Brustvergrößerung und Krankenkasse: Wann erfolgt eine Kostenübernahme?

Viele Frauen sind mit ihrer Oberweite unzufrieden. Doch längst nicht jede hat die notwendigen finanziellen Mittel, um sich einer Brustvergrößerung unterziehen zu können. Wir gehen in diesem Artikel der Frage auf den Grund, wann die Krankenkasse für den Eingriff aufkommt.

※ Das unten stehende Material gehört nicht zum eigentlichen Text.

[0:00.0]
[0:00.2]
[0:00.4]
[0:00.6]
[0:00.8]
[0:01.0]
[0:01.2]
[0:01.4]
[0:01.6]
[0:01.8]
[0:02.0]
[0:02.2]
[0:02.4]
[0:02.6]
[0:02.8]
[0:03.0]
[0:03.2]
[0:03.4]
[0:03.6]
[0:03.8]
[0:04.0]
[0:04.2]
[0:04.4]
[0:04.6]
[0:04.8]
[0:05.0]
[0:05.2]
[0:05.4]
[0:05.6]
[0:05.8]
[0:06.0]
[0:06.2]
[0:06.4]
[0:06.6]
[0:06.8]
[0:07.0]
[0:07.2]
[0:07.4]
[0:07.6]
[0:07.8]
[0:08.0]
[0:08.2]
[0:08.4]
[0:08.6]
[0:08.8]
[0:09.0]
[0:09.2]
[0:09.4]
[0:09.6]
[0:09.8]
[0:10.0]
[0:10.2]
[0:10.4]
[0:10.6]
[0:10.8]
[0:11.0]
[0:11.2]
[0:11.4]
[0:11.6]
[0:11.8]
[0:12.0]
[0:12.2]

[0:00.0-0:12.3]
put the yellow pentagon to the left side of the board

Medizinische Begründung hat einen großen Einfluss

Die Frage, wann die eigene Krankenkasse für die Brustvergrößerung aufkommt, ist für viele Frauen ein wichtiges Entscheidungskriterium. Schließlich kann ein solcher Eingriff schnell mehrere tausend Euro kosten. Ob die Krankenkasse die Operation bezahlt oder ob diese von der Patientin selbst getragen werden muss, hängt von der medizinischen Begründung ab. Zuerst muss also geklärt werden, wo das Ziel der Brust-OP liegt.

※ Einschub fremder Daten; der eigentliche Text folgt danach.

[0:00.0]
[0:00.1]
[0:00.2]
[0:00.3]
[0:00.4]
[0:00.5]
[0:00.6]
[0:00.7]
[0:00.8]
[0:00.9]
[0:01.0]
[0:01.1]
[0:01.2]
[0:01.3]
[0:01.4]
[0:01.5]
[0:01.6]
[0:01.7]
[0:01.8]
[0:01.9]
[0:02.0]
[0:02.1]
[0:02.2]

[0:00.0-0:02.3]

Die weibliche Brust gilt in vielen Kulturen als Zeichen für Gesundheit, Fertilität und Erotik schlechthin. Kein Wunder also, dass Brustvergrößerungen weltweit zu den häufigsten Schönheitseingriffen gehören. Wer träumt nicht den Traum vom perfekten Busen? Für viele Patienten steht dabei im Vordergrund, körperliche Attraktivität und das damit verbundene Selbstvertrauen zu verbessern.

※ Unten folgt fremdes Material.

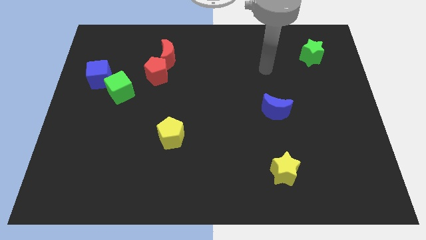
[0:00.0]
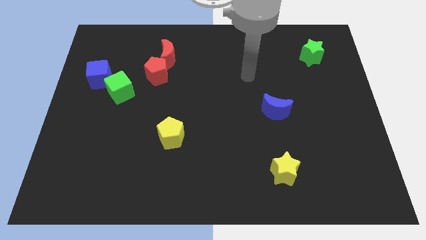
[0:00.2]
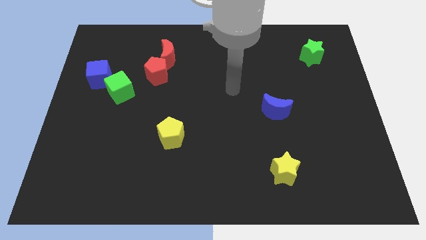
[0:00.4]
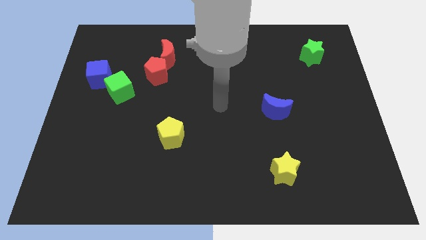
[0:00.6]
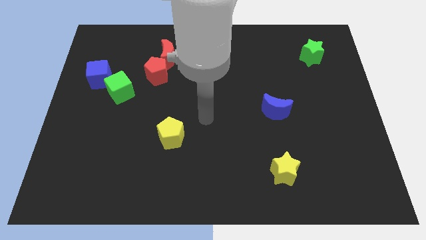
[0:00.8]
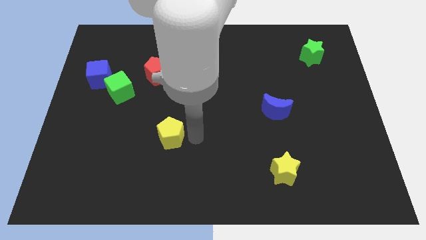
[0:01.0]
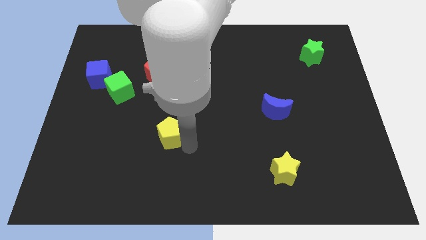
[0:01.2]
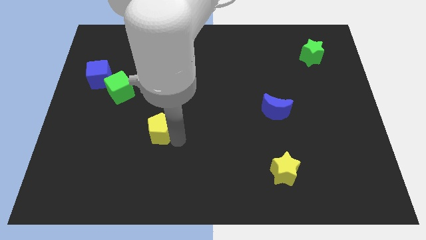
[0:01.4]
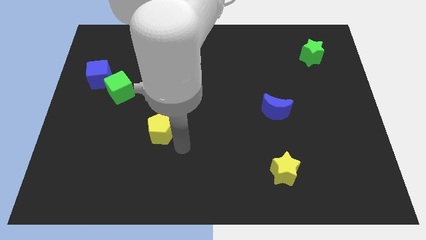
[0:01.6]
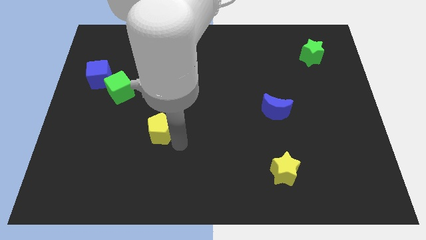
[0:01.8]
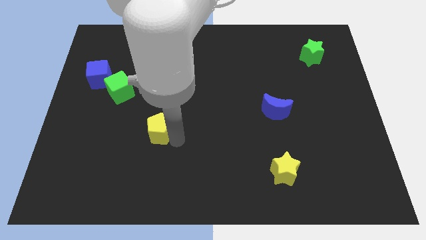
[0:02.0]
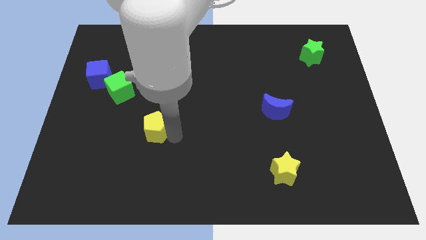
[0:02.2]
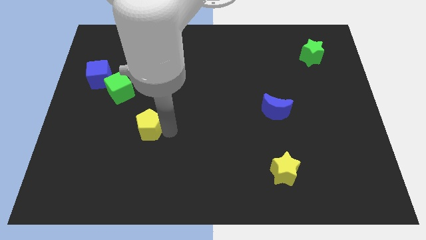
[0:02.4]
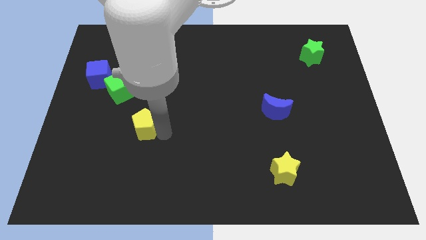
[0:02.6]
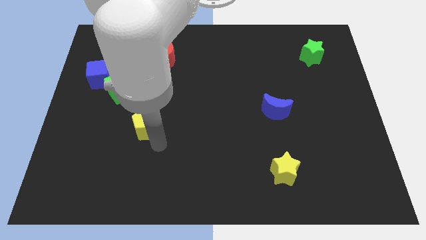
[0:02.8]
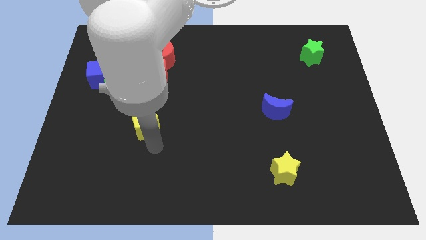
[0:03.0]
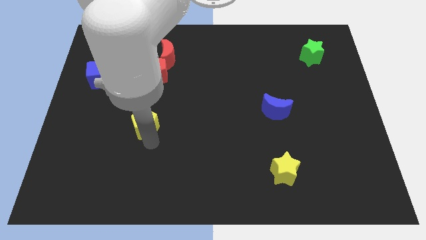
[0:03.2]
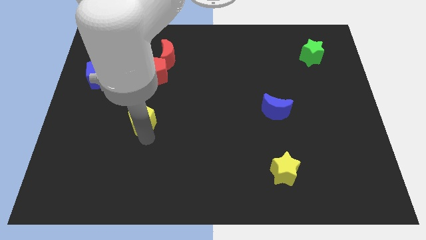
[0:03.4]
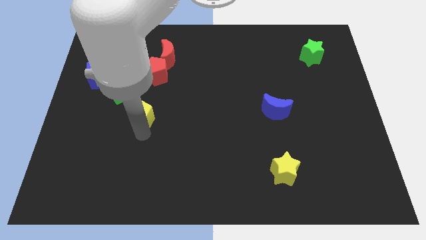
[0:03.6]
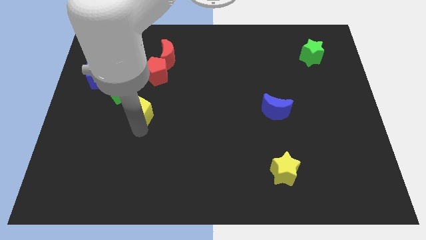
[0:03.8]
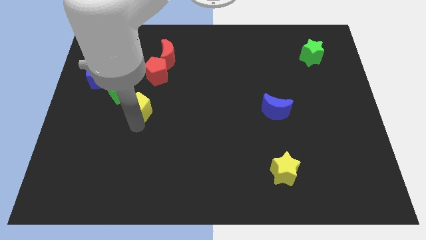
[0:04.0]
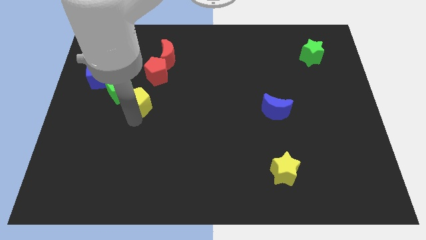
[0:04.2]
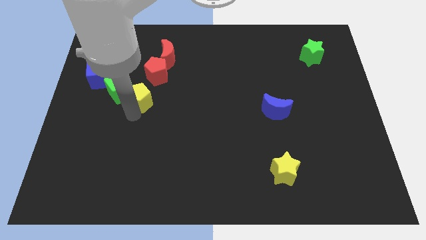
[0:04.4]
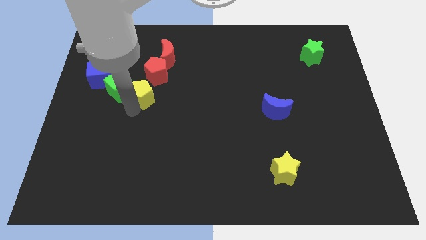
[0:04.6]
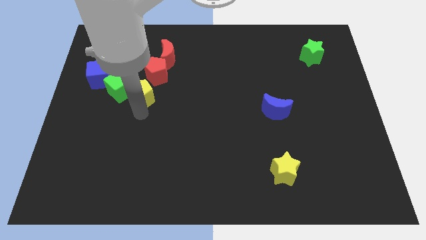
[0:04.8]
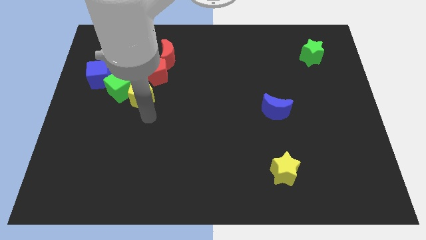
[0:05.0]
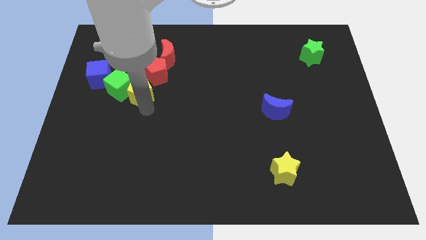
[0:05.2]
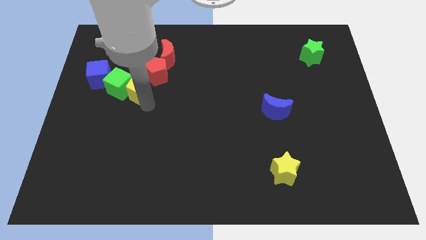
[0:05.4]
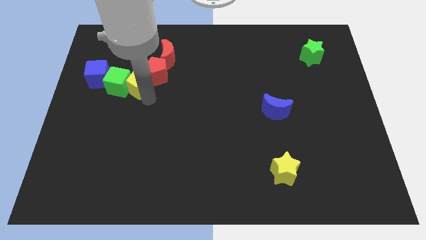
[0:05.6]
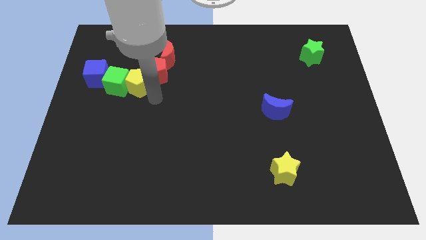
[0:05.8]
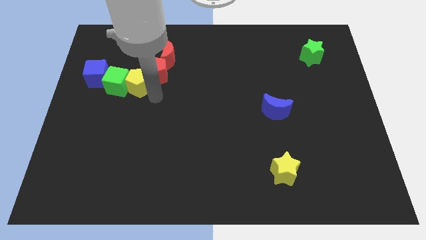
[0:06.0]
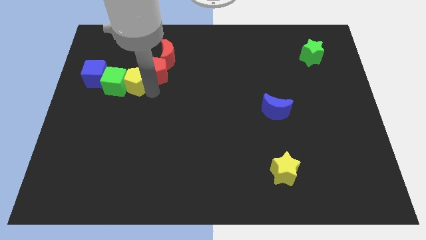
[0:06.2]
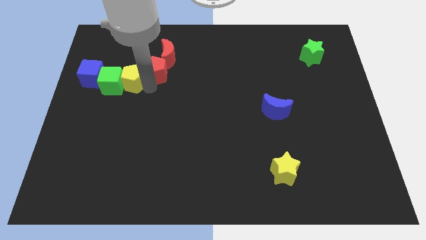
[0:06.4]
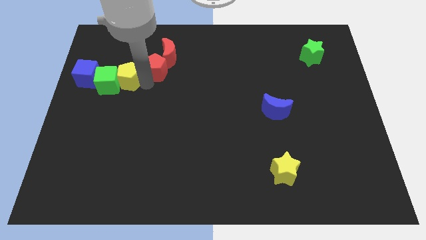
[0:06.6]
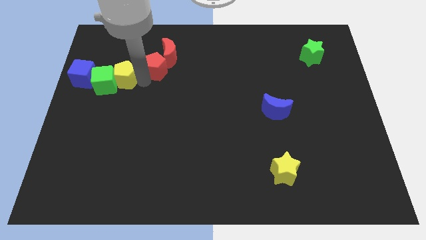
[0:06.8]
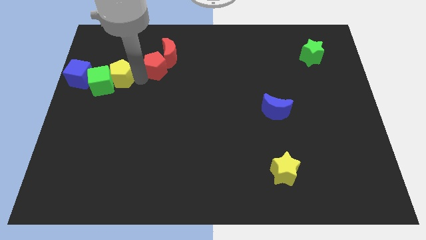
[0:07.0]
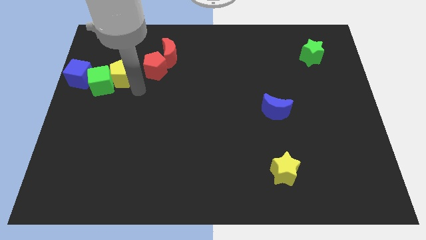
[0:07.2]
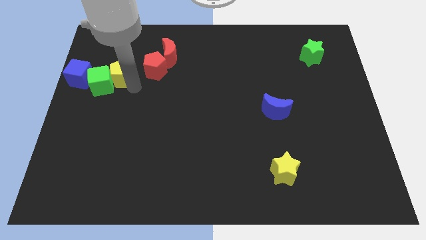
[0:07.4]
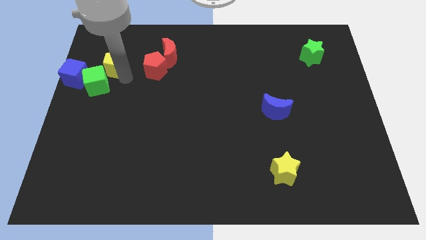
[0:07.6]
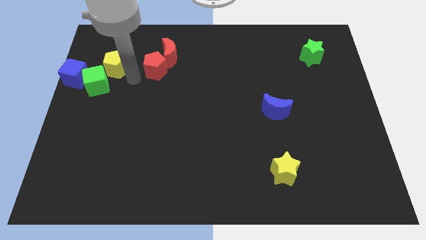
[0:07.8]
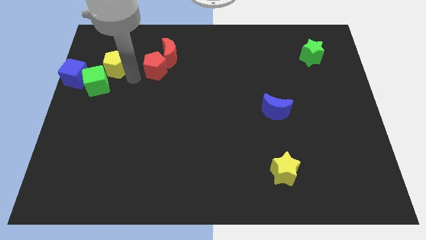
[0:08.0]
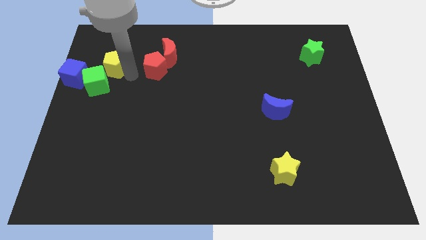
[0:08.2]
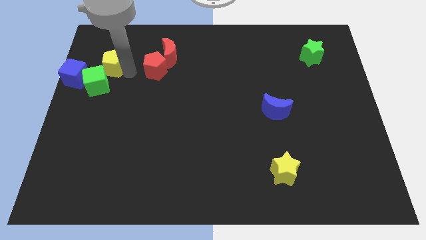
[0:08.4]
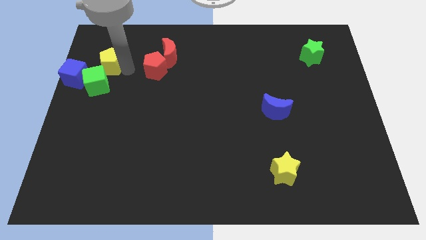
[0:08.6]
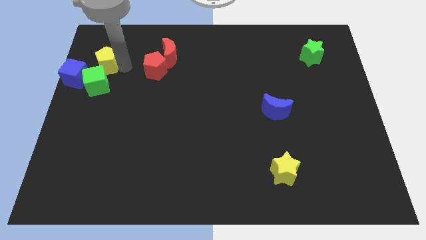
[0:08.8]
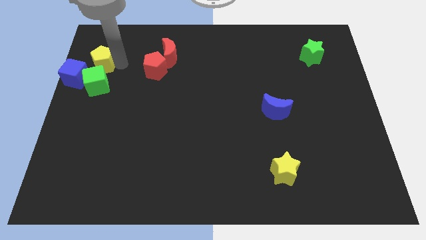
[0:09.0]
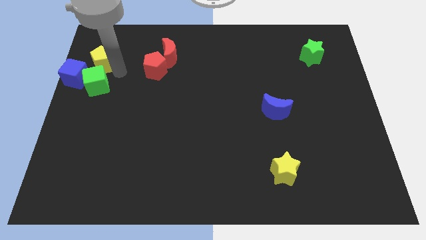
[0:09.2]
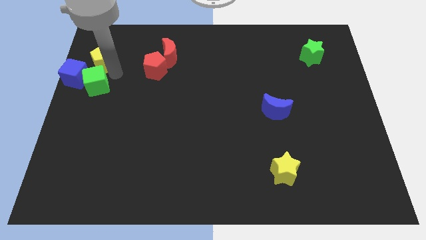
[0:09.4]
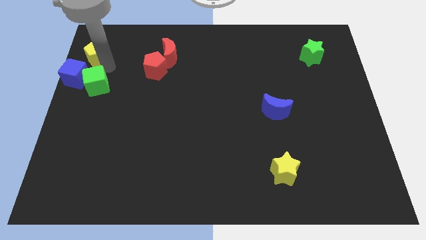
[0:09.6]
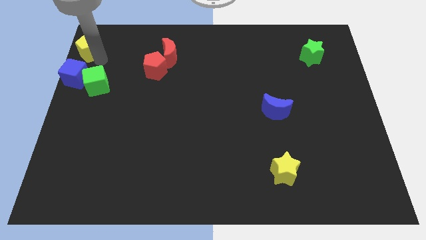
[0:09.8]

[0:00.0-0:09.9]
move the yellow pentagon to the top left of the board

Welche Gründe gibt es für eine Brustvergrößerung?

Im Beratungsgespräch mit dem Schönheitschirurgen seines Vertrauens wird zunächst erläutert, welche Gründe es für diesen Eingriff gibt. Grob wird in drei Indikationen unterschieden:

– die rein kosmetisch-ästhetische Indikation
– die ästhetische Indikation mit bedingt medizinischer Grundlage
– die eindeutig medizinische Indikation

Ob die Krankenkasse die mehrere tausend Euro teure Brust-OP bezahlt, hängt maßgeblich davon ab, welche Gründe für die Operation sprechen. Bei der rein kosmetisch-ästhetischen Indikation liegt keine medizinische Begründbarkeit vor. Da es ausschließlich darum geht, das ästhetische Erscheinungsbild zu verbessern, werden die Kosten für die Brustvergrößerung von der Krankenkasse nicht übernommen. Sprechen hingegen Asymmetrien und Brusterkrankungen für eine ästhetische Indikation mit bedingt medizinischer Grundlage, werden die Kosten in Ausnahmefällen von der Krankenversicherung getragen. Bei der eindeutig medizinischen Begründbarkeit übernimmt die Kasse die Kosten in vollem Umfang.